In its eagerness to leave the industrial age behind and to enter the information age, the Democratic party forgot that many of its blue-collar supporters were also being left behind. Instead, identity politics with the view that struggling Americans could only be labeled as minorities or female or non-heterosexuals or the disabled and did not include healthy white males dominated the 2016 campaign. Bernie Sanders was an outlier on this view and was roundly criticized by liberals during the Democratic primaries for proposing that the party adopt protectionist policies that favored blue-collar workers.

The Democratic Party must not make this mistake again. What is needed is a new paradigm in setting trade policies that achieves two goals: (1) build and maintain a strong middle class; (2) serve and strengthen U.S. foreign policy. In a recent Foreign Affairs article, “A Trade Policy for All” (June 26, 2018), two Vanderbilt Law School professors, Timothy Meyer and Ganesh Sitaraman, offer what appears to me a responsible starting point.

The premise of the article is that liberalizing markets should be a means, not an end. The authors point out that tariffs are simply taxes on imported goods, economically beneficial to certain groups and detrimental to others. They offer sound statistical evidence that from 1988 through 2008 free-trade agreements overwhelming favored the corporate elite and middle classes in emerging markets at the expenses of the middle classes in advanced economies. During this period, the American middle class stagnated. The conclusion is that these economic imbalances must be recognized and addressed, head on.

What is to be done in formulating a responsible trade policy? First, take existing programs and fund them properly. The Trade Adjustment Assistance Program has been around since 1962 to retrain and help relocate displaced workers. It has never been given priority status and has been labeled “burial insurance” by labor unions.

Second, trade agreements themselves need to address the imbalance between winners and losers within each agreement. Taxes can be embedded in regional trade agreements such as NAFTA, with the proceeds going directly to the communities negatively affected by each treaty.

Third, for other free-trade agreements that overwhelmingly benefit multi-national corporations, an appropriate tax must be applied that goes directly to subsidize those national industries that suffer from an open-trade environment.

Like so many of President Trump’s executive decisions, his implementation of trade policy is misplaced and dangerous. Trying to bully other political elites into dropping tariffs, which will in turn threaten their own political constituencies, is a fool’s game and is contrary to international law and order. Creating new tariffs by haphazardly throwing mud at the wall and seeing what sticks will hurt as many Americans as it helps. Moreover, such a “bull in the china shop” approach unravels the fabric of political alliances that have taken decades to weave together.

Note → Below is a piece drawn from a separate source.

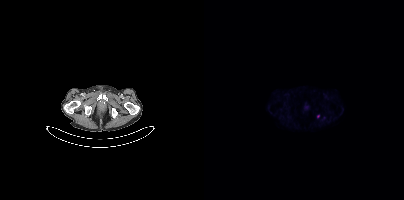
Coordinates are on the 200×200 PET (right) panel. Small PSMA-avid focus (2 to 4 px across) near (center x, center y): (114, 116).
modality: PSMA PET/CT | tracer: 18F | view: axial

There is a better way forward. Trade policy is the province of Congress. The U.S. Constitution grants the legislative branch authority to regulate international trade, including establishing tariffs, drafting and implementing trade agreements, and other provisions affecting commerce within the United States. The House Ways and Means Committee and the Senate Finance Committee have primary congressional jurisdiction on trade matters.

The Democratic Party must make it clear to the voters that a fair and lasting trade policy will be a top priority once their members obtain a majority in Congress. They must articulate a trade policy that taxes the winners to help subsidize the losers within the terms of each agreement. In short: “A Trade Policy for All.”

Gary Stout is a Washington attorney.